At issue before the 4th Circuit Court of Appeals in Richmond, Va., was whether the violations were willful. Abrams maintained the errors were innocent mistakes and just a minuscule part of his overall business.

The court disagreed, upholding the decision issued in the U.S. District Court in Baltimore to throw out Abrams' lawsuit seeking his license back.

"To be sure, a single, or even a few, inadvertent errors in failing to complete forms may not amount to `willful' failures, even when the legal requirement to complete the forms was known," wrote Judge Paul V. Niemeyer on behalf of a three-judge panel deciding the case. "Yet at some point, when such errors continue or even increase in the face of repeated warnings given by enforcement officials, accompanied by explanations of the severity of the failures, one may infer as a matter of law that the licensee simply does not care about the legal requirements."

Abrams was elected in 2005 to a three-year term on the board of the National Rifle Association, a leading guns-rights lobbying group.

Yesterday, Abrams confirmed that he resigned from the board two months ago. But Abrams declined to comment on his resignation and the court decision.

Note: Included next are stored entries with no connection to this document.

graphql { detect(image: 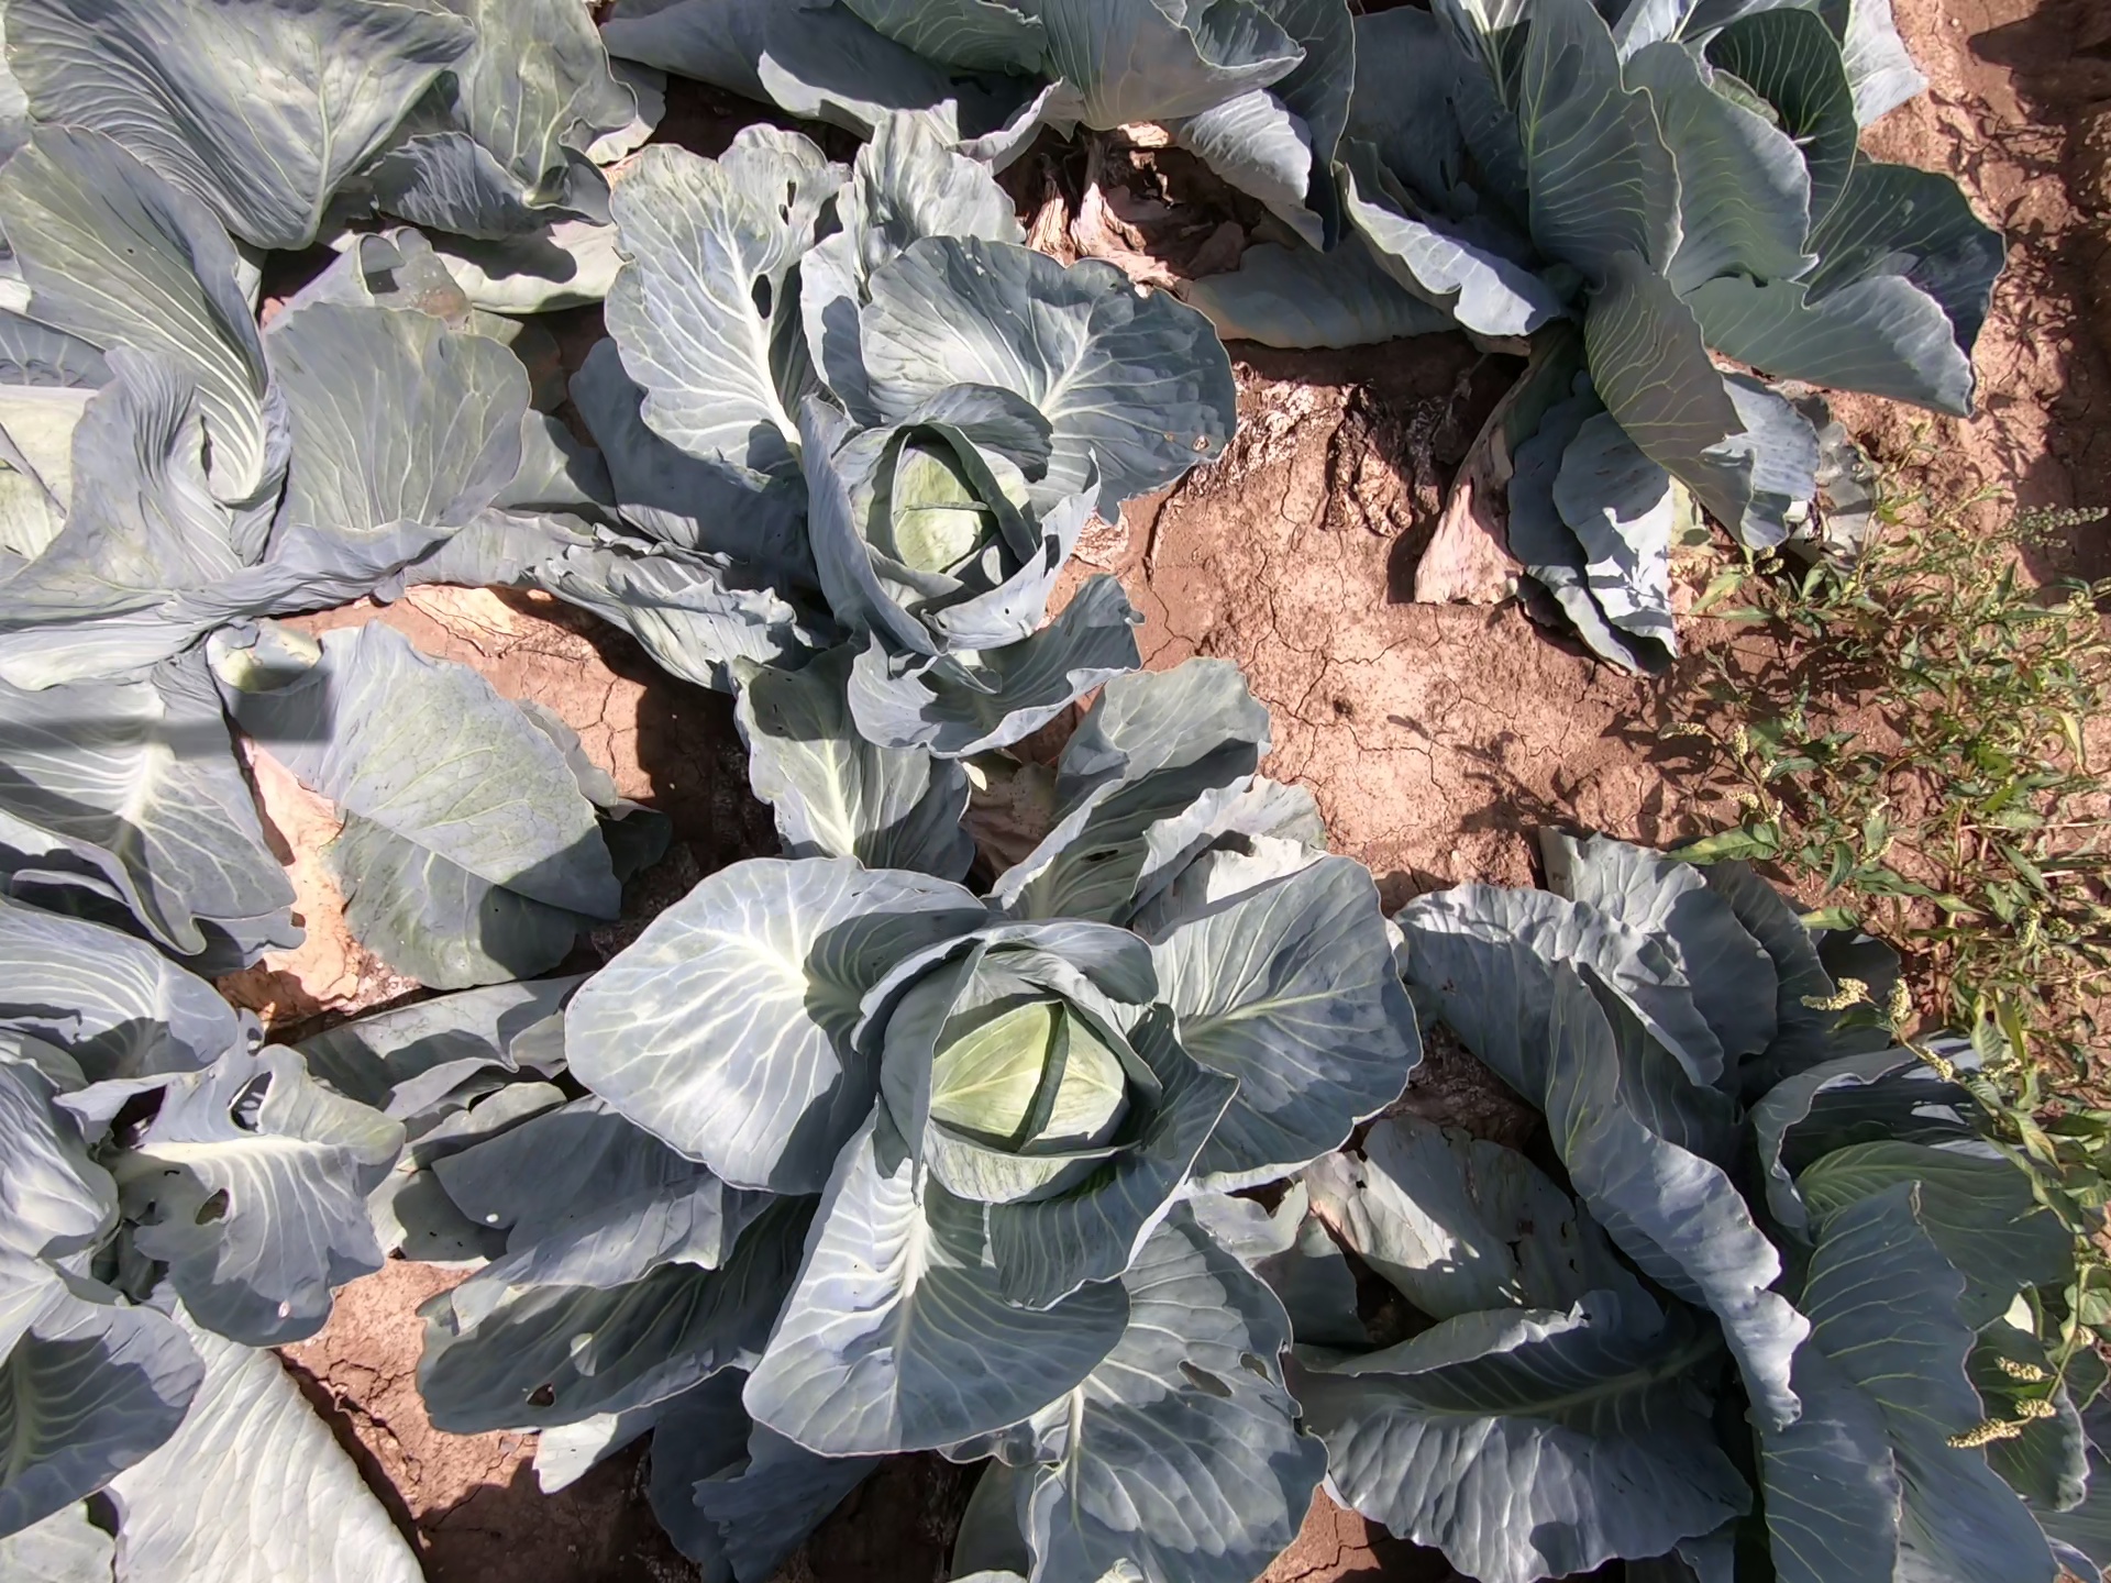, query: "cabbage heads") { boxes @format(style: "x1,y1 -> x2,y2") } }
885,947 -> 1137,1202
1599,80 -> 1754,294
2,380 -> 207,629
829,429 -> 1041,630
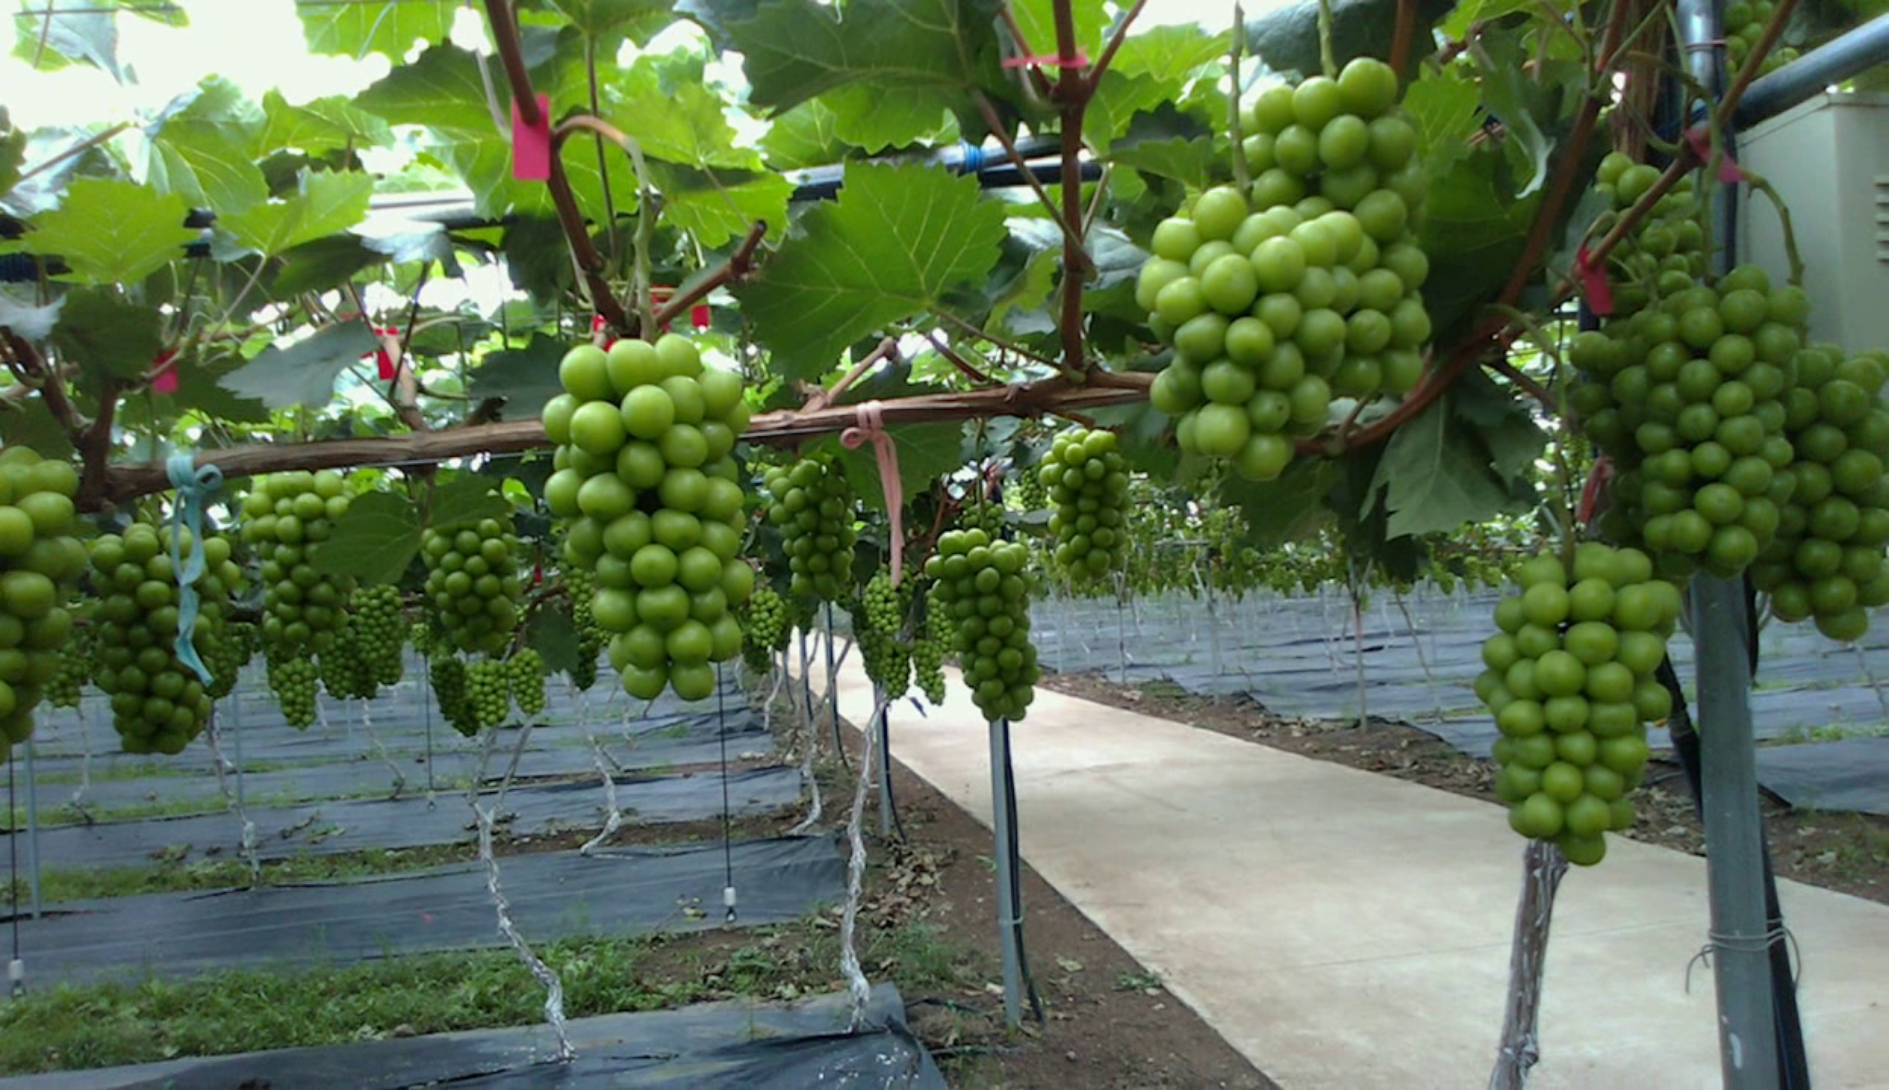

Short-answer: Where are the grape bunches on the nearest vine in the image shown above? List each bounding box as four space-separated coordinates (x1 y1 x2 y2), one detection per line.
1570 300 1688 592
1751 342 1887 642
1135 182 1362 480
0 444 89 761
1240 61 1432 400
542 335 755 702
1612 265 1812 581
1474 540 1683 867
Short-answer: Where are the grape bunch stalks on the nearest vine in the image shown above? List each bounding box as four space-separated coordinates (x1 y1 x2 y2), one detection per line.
1736 167 1806 286
1473 303 1579 586
1586 50 1724 285
1229 3 1253 206
555 115 658 344
1317 0 1337 79
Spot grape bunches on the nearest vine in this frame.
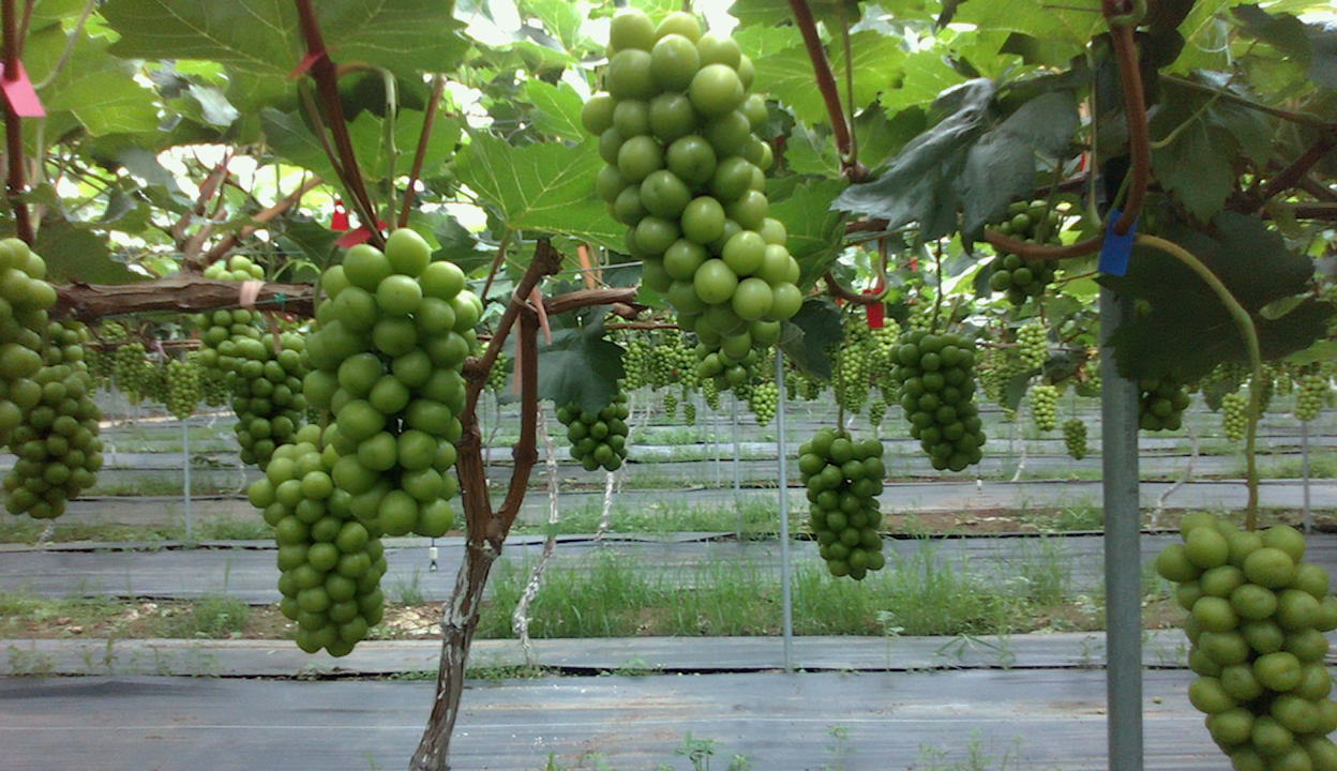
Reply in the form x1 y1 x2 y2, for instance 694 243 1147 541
583 10 799 335
250 424 387 659
0 243 56 444
303 228 485 540
1154 513 1336 770
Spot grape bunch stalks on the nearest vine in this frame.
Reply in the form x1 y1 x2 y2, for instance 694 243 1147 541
682 2 690 10
333 62 396 235
1131 233 1261 531
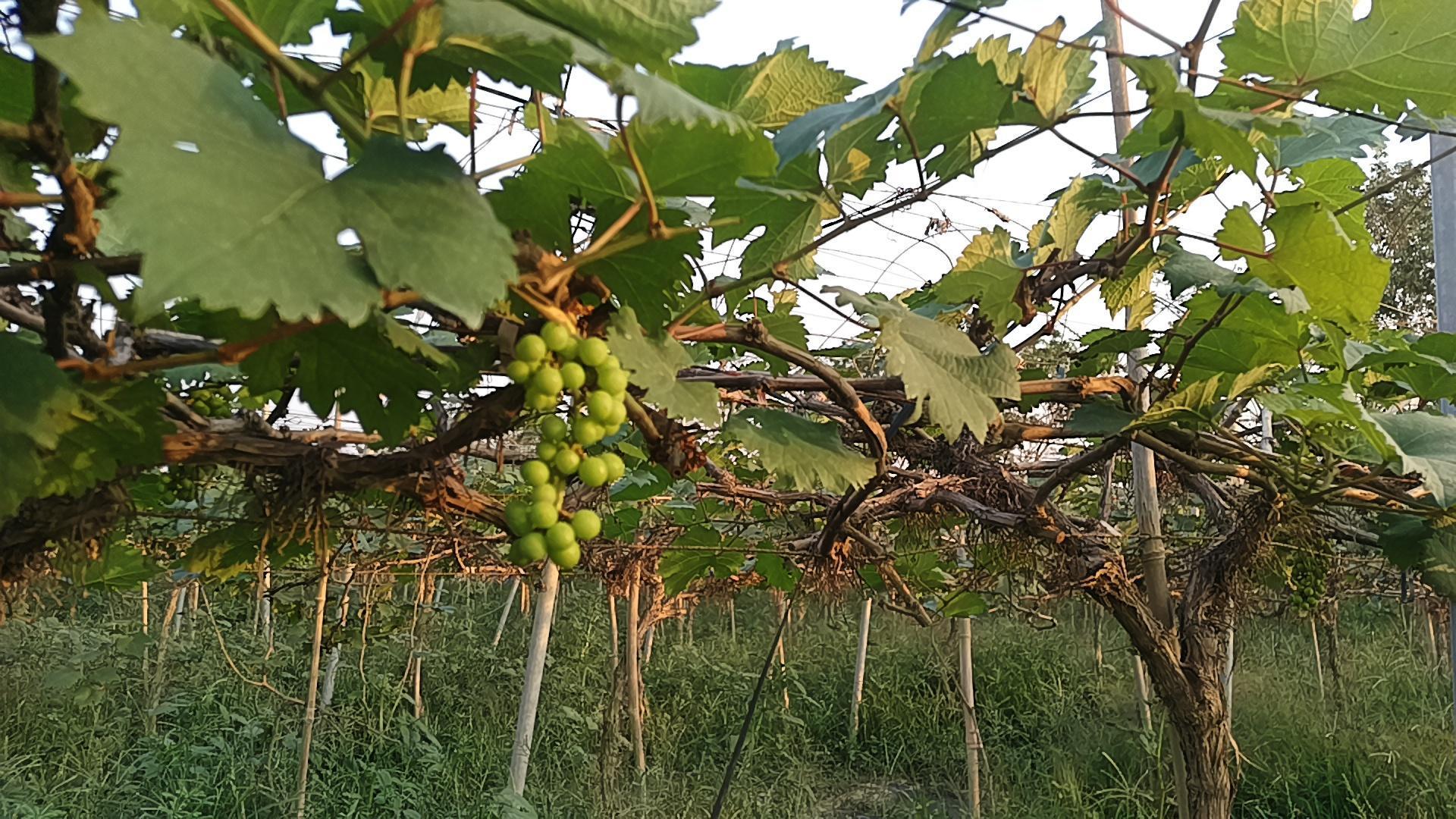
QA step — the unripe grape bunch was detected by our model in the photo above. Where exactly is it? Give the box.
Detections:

An NRA spokesman did not return a call for comment yesterday.

One gun-control advocacy group praised the court decision, but cautioned that proposed legislation inspired by Abrams' case could make its way into law soon.

"The NRA has coddled rogue gun dealers like Abrams for far too long," Daniel R. Vice, staff attorney for the Brady Center to Prevent Gun Violence, said in an e-mail yesterday. "This ruling helps to prevent one of the worst gun dealers in the nation from flooding our communities with crime guns."

After he lost his license, Abrams was still allowed to sell off his store's inventory of more than 700 guns. His mother leased the storefront next to Valley Gun to a new shop that agreed to buy Abrams' remaining firearms.

The issue reached Washington this fall when the U.S. House of Representatives in September passed a bill on gun dealer regulation that supporters say would create a better system to punish minor infractions. But opponents such as the Brady Center say the legislation could gut the power of federal law enforcement officials to revoke the licenses of gun dealers.

The Senate is expected to consider H.R. 5092 this year.